Thanks Moira and Plucky. It helps not to be alone on this one.
What happened today is that I got an email from these people - I was supposed to be babysitting for them tomorrow, and the email cancelled, and said they have made other plans. I rang and asked if everything is ok - as you do - and was told well no, we think you told ss on us.
I told them, no it was not me. (This is true.) Then I got a lot of do you realise how difficult this past week has been for us (the adults involved), and how they are going to talk to a x year old child about their parents, and ask what kind of parents we are. They said we are going through hell, and that we have done nothing wrong, and that a pack of lies have been told about us. To which I said, no lies have been told (I have heard the accusations from them and from my parents.). So then they said that they wanted to say things, and tell me what they really think about me, but that they would only regret it (they can't say anything about me that I have not already thought for myself, so that would not hurt at all) and then they went, and put down the phone.
However, I then rang my parents, and told them what I have been accused of (reporting them directly myself to ss) and that this is not true. They tried to say that these people won't think that way, and were surprised that I said I have been accused directly, and denied it directly, and not been believed. And so far my parents believe me. I said, first of all if I have something to say I say it. And second of all, I don't go behind people's backs. I said to both my mum and dad, if I have a problem with anyone, they will know it, and they both agreed.

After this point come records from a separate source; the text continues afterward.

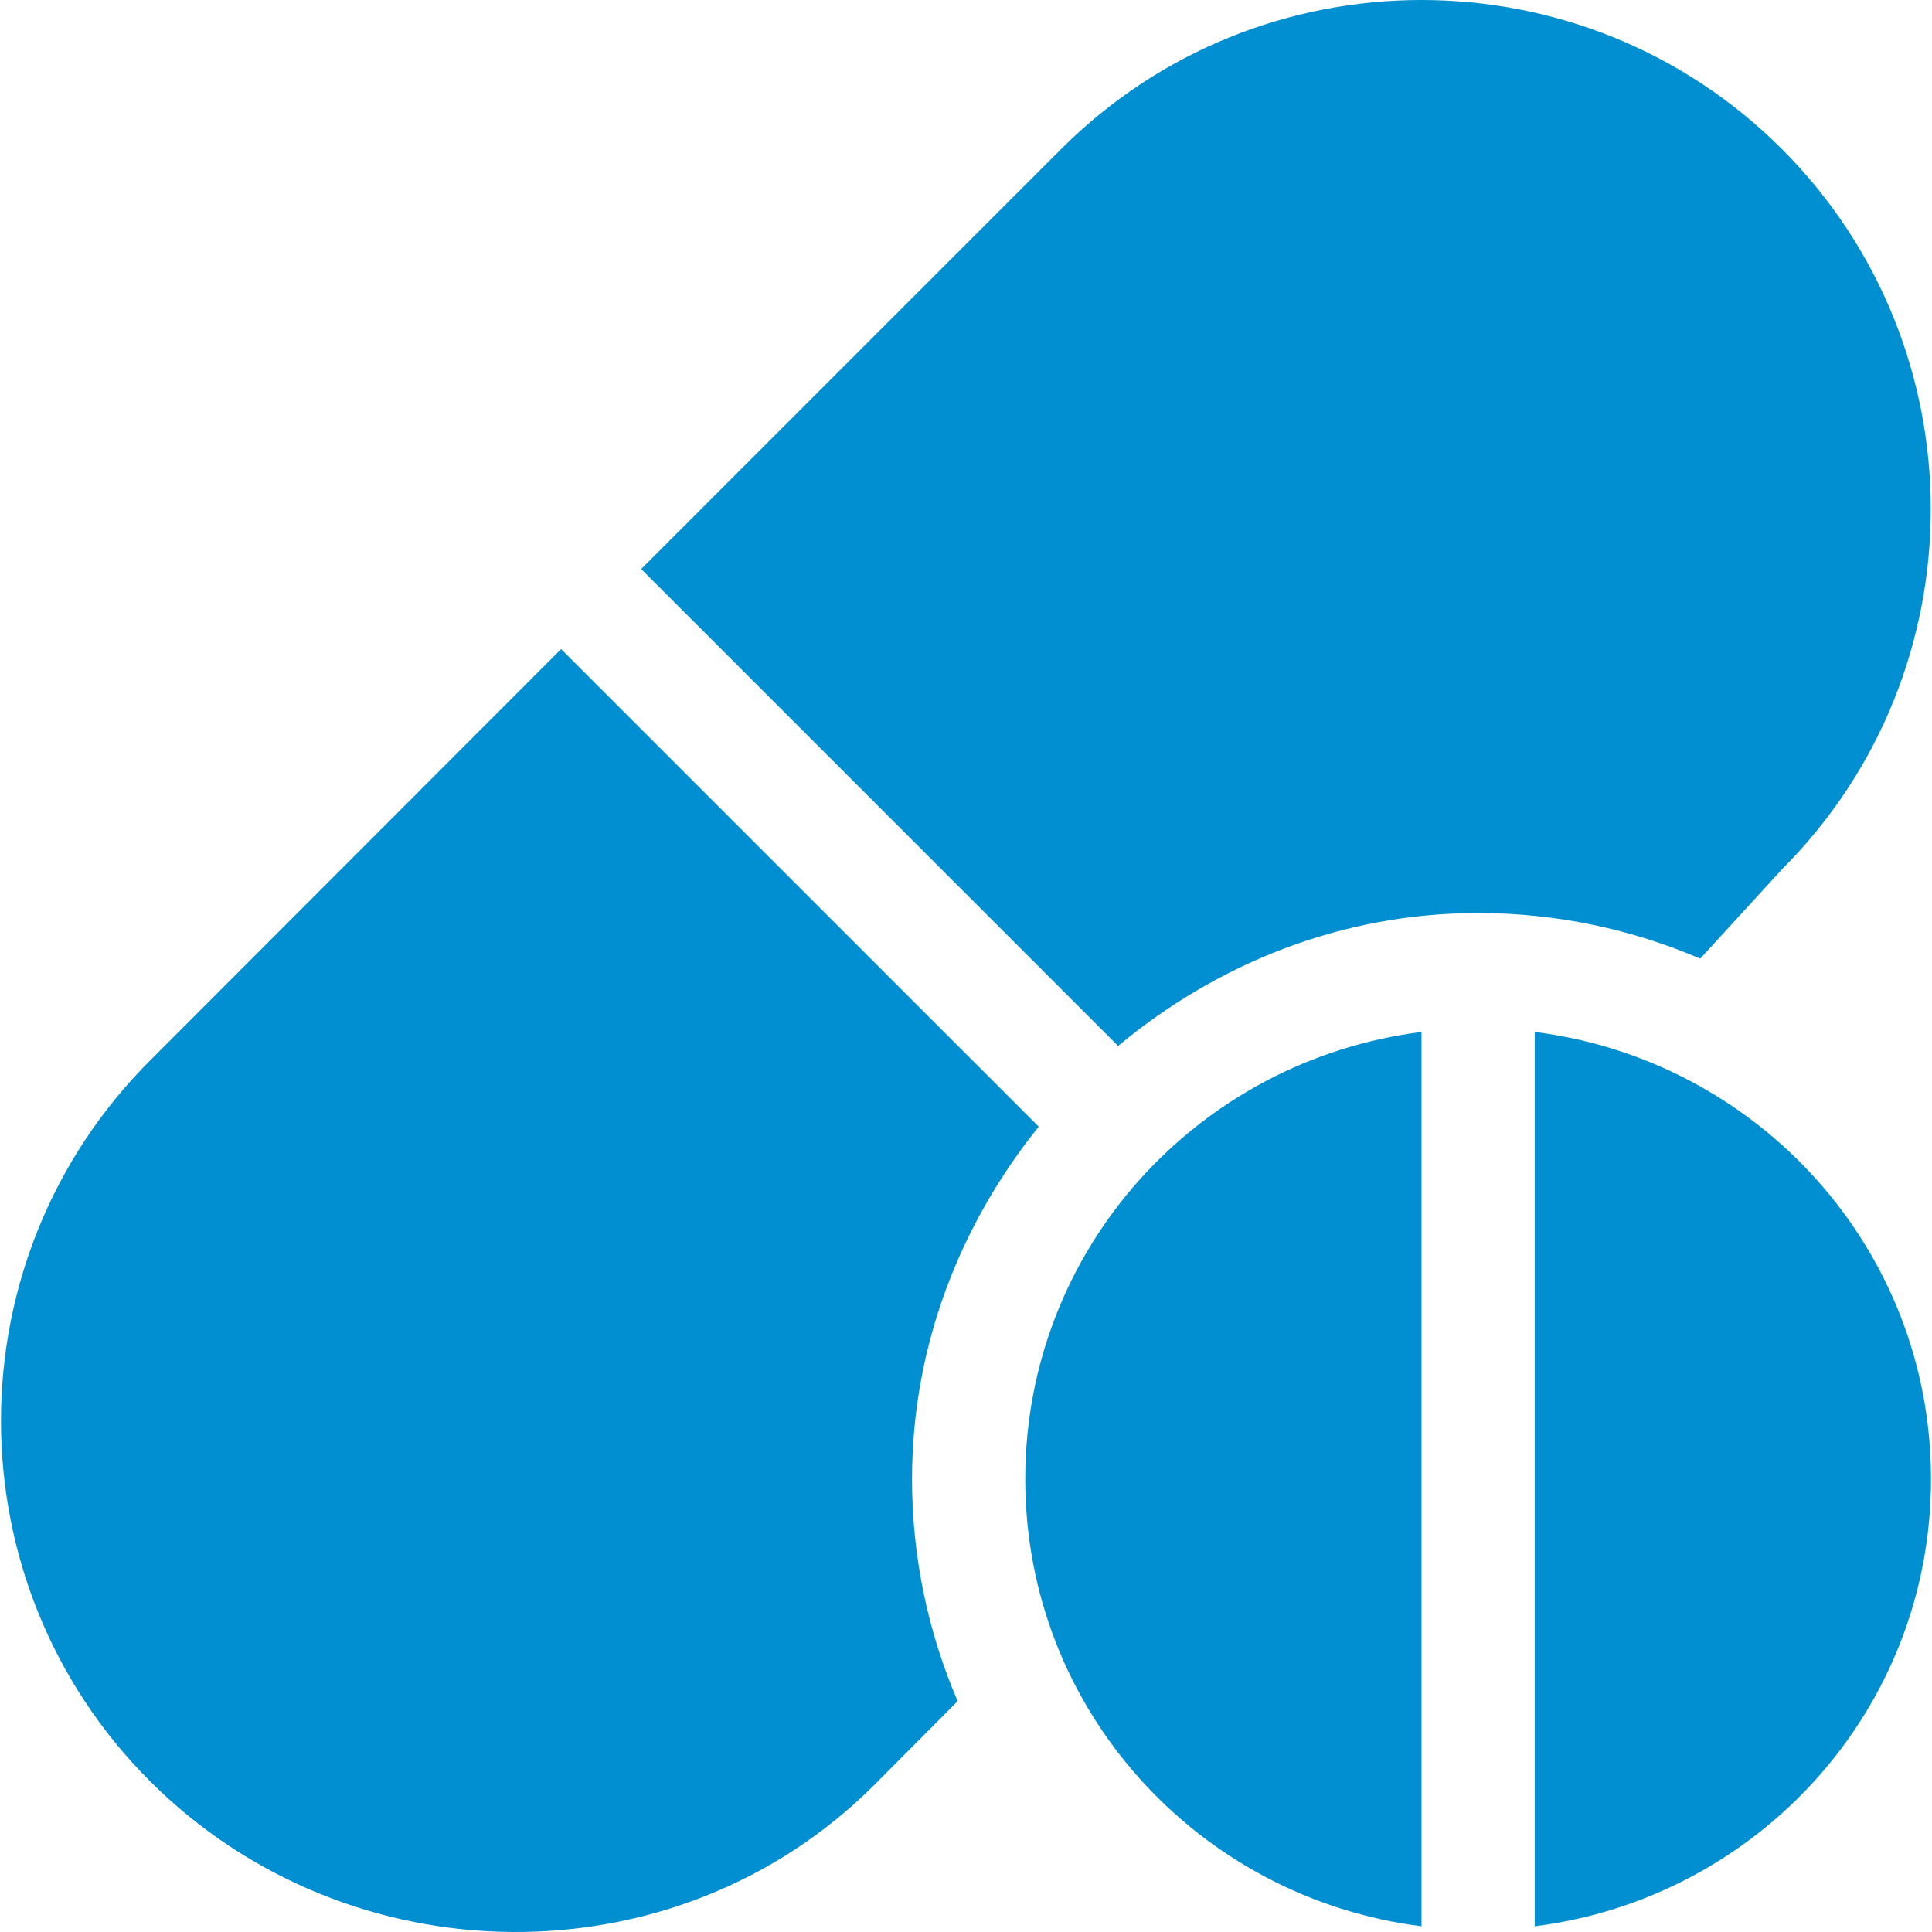 <?xml version="1.0"?>
<svg xmlns="http://www.w3.org/2000/svg" xmlns:xlink="http://www.w3.org/1999/xlink" version="1.1" id="Capa_1" x="0px" y="0px" viewBox="0 0 512 512" style="enable-background:new 0 0 512 512;" xml:space="preserve" width="512px" height="512px"><g><g>
	<g>
		<path d="M472.196,39.468c-52.654-52.625-138.301-52.625-190.955,0L169.915,150.794l126.394,126.394    c26.014-21.663,58.995-35.227,95.412-35.227c20.888,0,40.765,4.339,58.851,12.087l21.624-23.624    C524.835,177.784,524.835,92.123,472.196,39.468z" data-original="#000000" class="active-path" data-old_color="#000000" fill="#018FD1"/>
	</g>
</g><g>
	<g>
		<path d="M275.27,298.577L148.7,172.008L39.742,281.073c-52.639,52.639-52.639,138.301,0,190.955    c52.653,52.622,139.3,53.626,191.955,0.999l22.088-22.194c-7.748-18.086-12.087-37.963-12.087-58.851    C241.699,356.5,254.599,324.291,275.27,298.577z" data-original="#000000" class="active-path" data-old_color="#000000" fill="#018FD1"/>
	</g>
</g><g>
	<g>
		<path d="M271.703,391.983c0,61.144,45.893,111.045,105.015,118.504V273.478C317.596,280.937,271.703,330.836,271.703,391.983z" data-original="#000000" class="active-path" data-old_color="#000000" fill="#018FD1"/>
	</g>
</g><g>
	<g>
		<path d="M406.722,273.478v237.009c59.122-7.459,105.015-57.36,105.015-118.505S465.845,280.937,406.722,273.478z" data-original="#000000" class="active-path" data-old_color="#000000" fill="#018FD1"/>
	</g>
</g><script xmlns="" class="active-path" style=""/></g> </svg>

The person who actually made this report is a professional, who heard things (not from me) that as a professional she felt obliged to report. She told me this is not my responsibility, and that the report is the right thing to do. I am hanging onto that.
I am also not letting any of these people play the scapegoat game, and thereby deflect attention onto who is the evil person telling tales, rather than the actual issues, which are those of preventing further harm to innocent children, and stopping that buck well and truly in its tracks.
I am not sure if I am strong enough for all this. However, we will find out.

I thought I loved these people, and that they are as innocent as the children, because they did not realise what they were doing. Now I am not so sure. The longer this denial continues, the more it is starting to stink to high heaven.